2. Circumcenter of an Isosceles Triangle
Given an isosceles triangle ABC, with |AB| = |AC| = b and |BC| = a, what is the radius R of the circumcircle of ABC? (The answer should be in terms of a and b.)
Suppose OAB is a triangle with |OA| = a, |OB| = b, and |AB| = k, let A' be the point on OA with |OA'| = 6/a and let B' be the point in OB with |OB'| = 6/b. Find the distance |A'B'| (this will be a formula involving explicit real numbers and a, b, and k, no other quantities).
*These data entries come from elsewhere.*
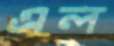
এল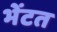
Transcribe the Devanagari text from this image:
भेंटत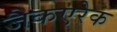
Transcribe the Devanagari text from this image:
जैकएरेक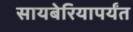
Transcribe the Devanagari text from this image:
सायबेरियापर्यंत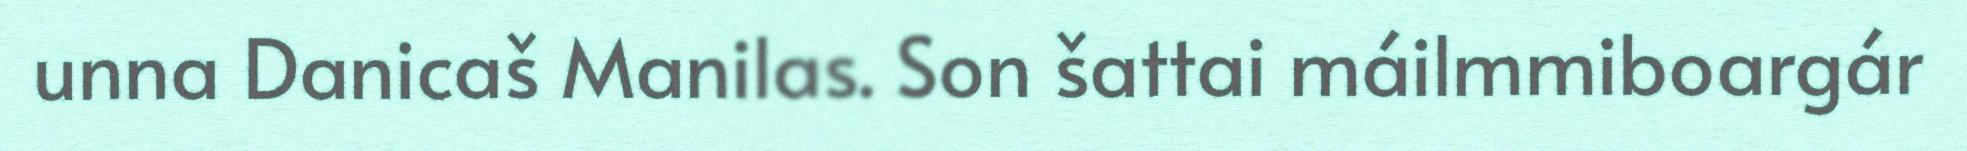
unna Danicaš Manilas. Son šattai máilmmiboargár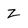
Character: z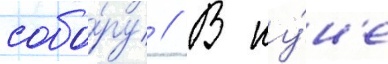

Show your reasoning.
4. Circumscribing circles given 3 equal segments and 2 equal angles (10 points)
In this problem and the next one, we will consider a figure made of 4 points A, B, C, D and 3 segments in which angle ABC = angle BCD and these 3 segments have equal length: |AB| = |BC| = |CD|. Two examples of such a figure are figure below.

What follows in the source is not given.